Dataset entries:
--------

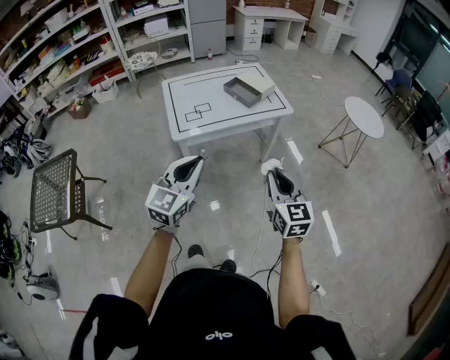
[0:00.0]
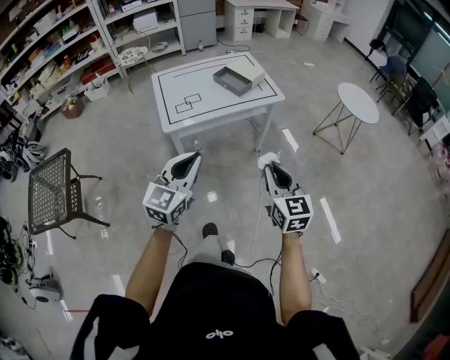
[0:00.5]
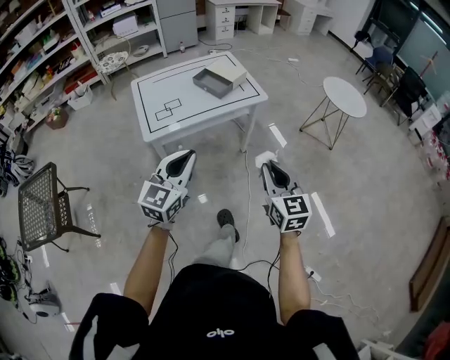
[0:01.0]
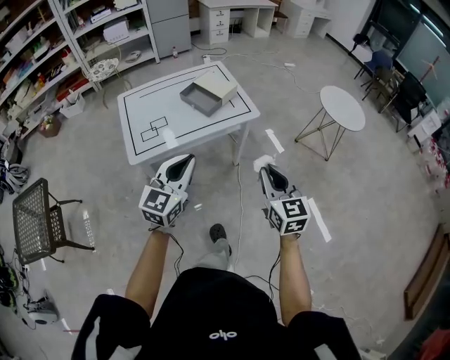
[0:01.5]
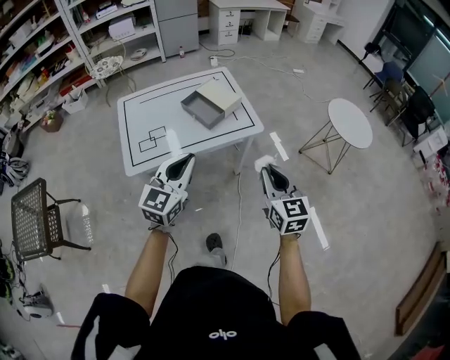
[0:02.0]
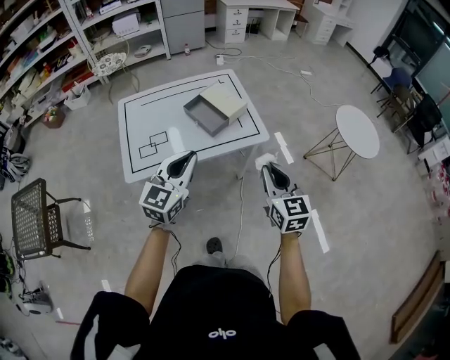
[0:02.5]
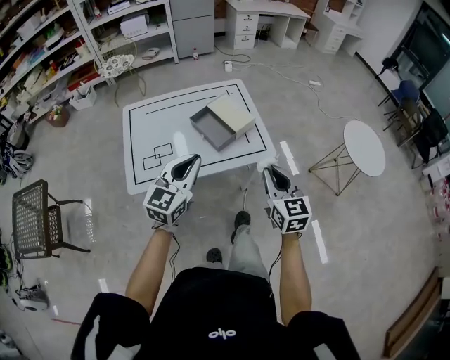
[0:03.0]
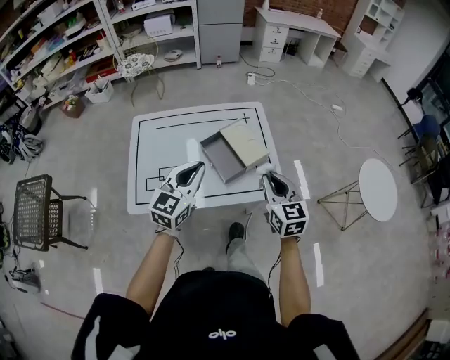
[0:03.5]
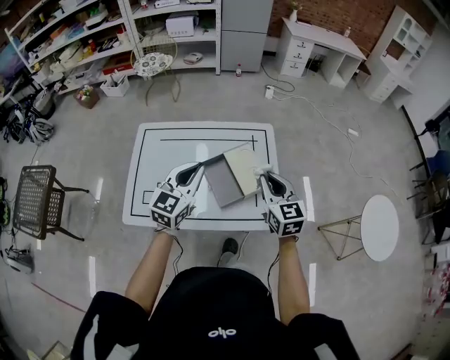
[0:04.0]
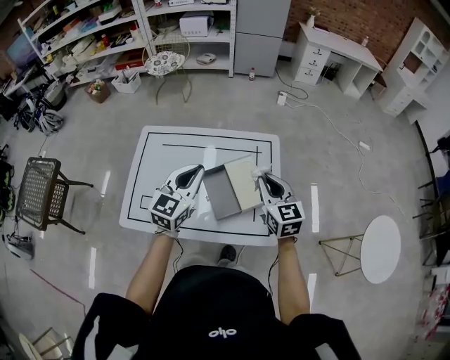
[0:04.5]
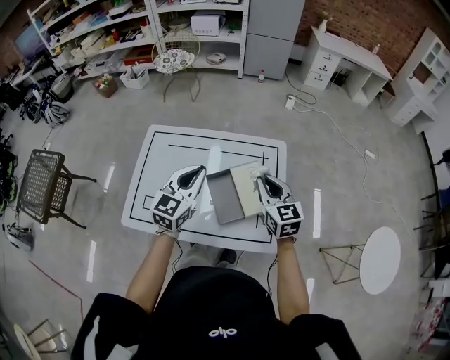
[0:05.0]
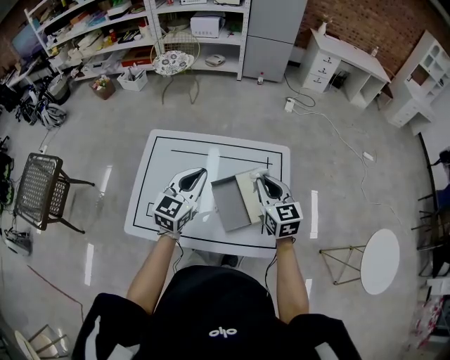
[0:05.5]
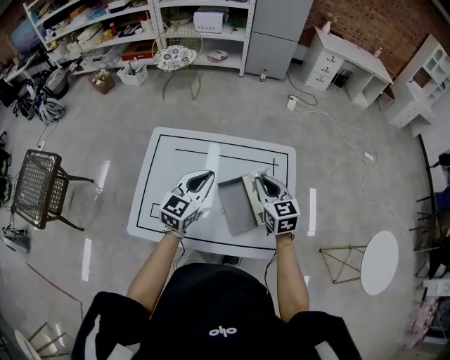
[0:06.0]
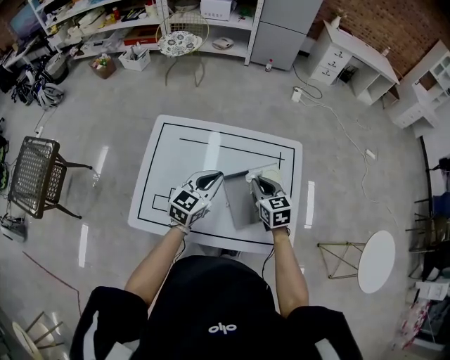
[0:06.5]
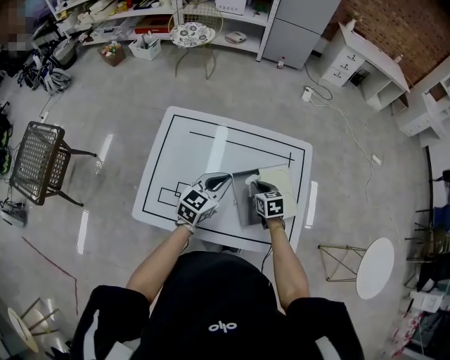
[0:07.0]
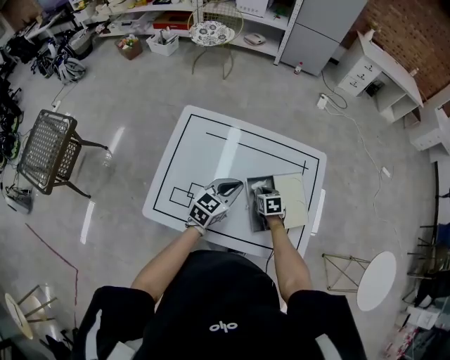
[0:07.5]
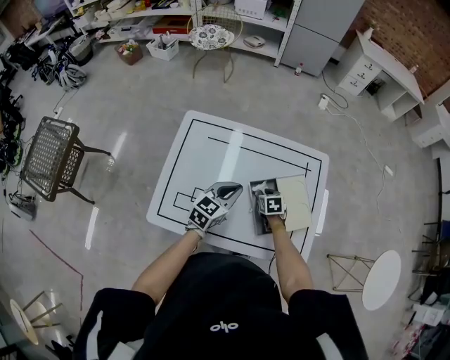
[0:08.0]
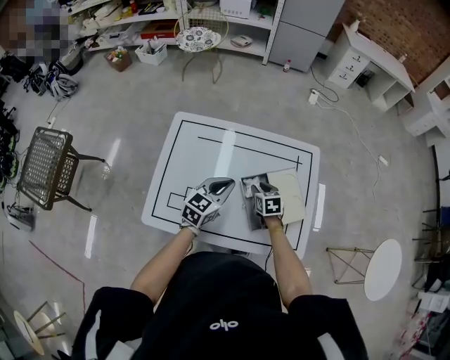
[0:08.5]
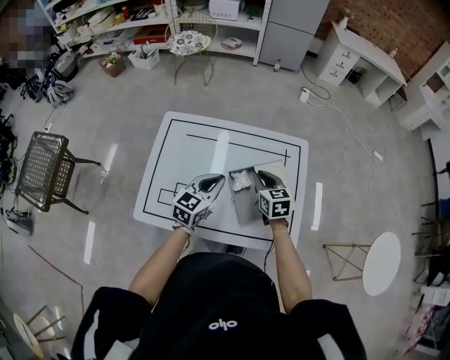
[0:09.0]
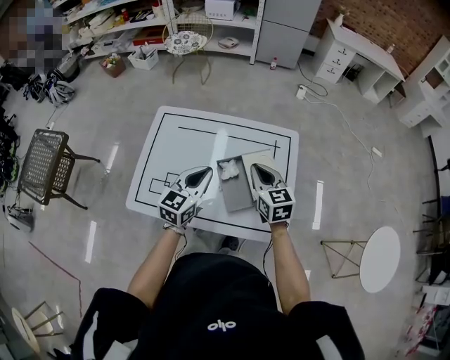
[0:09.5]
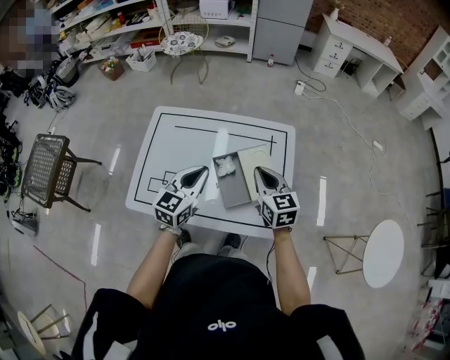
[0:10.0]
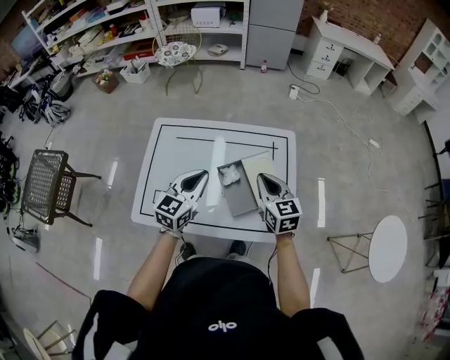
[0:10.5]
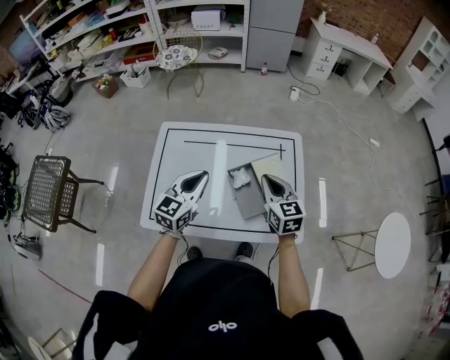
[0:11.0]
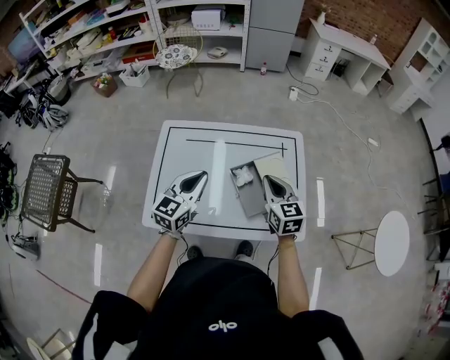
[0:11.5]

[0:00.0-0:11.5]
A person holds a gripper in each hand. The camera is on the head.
0:00.0 to 0:02.0: Both grippers travel together forward and to the right, some 30 cm.
0:02.0 to 0:04.0: The pair of grippers is taken forward, approximately 40 cm. The right gripper changes its angle by approximately 20 degrees.
0:04.0 to 0:06.0: The left gripper heads forward, to the left and downward, covering roughly 15 cm. Meanwhile the right gripper heads forward and to the left, covering roughly 15 cm.
0:06.0 to 0:07.5: The right gripper moves downward, approximately 25 cm, and tilts its fingers approximately 30 degrees downward. Meanwhile the left gripper is displaced downward by some 10 cm.
0:07.5 to 0:09.5: The left gripper heads upward and backward, covering roughly 10 cm. Meanwhile the right gripper goes some 25 cm upward, and tips its fingers upward by some 30 degrees.
0:09.5 to 0:11.5: The left gripper goes about 10 cm to the left.

--------

Exercise prompt: The records above need to be copied exactly, with the pictures left out.

Completed exercise:
[0:00.0]
[0:00.5]
[0:01.0]
[0:01.5]
[0:02.0]
[0:02.5]
[0:03.0]
[0:03.5]
[0:04.0]
[0:04.5]
[0:05.0]
[0:05.5]
[0:06.0]
[0:06.5]
[0:07.0]
[0:07.5]
[0:08.0]
[0:08.5]
[0:09.0]
[0:09.5]
[0:10.0]
[0:10.5]
[0:11.0]
[0:11.5]

[0:00.0-0:11.5]
A person holds a gripper in each hand. The camera is on the head.
0:00.0 to 0:02.0: Both grippers travel together forward and to the right, some 30 cm.
0:02.0 to 0:04.0: The pair of grippers is taken forward, approximately 40 cm. The right gripper changes its angle by approximately 20 degrees.
0:04.0 to 0:06.0: The left gripper heads forward, to the left and downward, covering roughly 15 cm. Meanwhile the right gripper heads forward and to the left, covering roughly 15 cm.
0:06.0 to 0:07.5: The right gripper moves downward, approximately 25 cm, and tilts its fingers approximately 30 degrees downward. Meanwhile the left gripper is displaced downward by some 10 cm.
0:07.5 to 0:09.5: The left gripper heads upward and backward, covering roughly 10 cm. Meanwhile the right gripper goes some 25 cm upward, and tips its fingers upward by some 30 degrees.
0:09.5 to 0:11.5: The left gripper goes about 10 cm to the left.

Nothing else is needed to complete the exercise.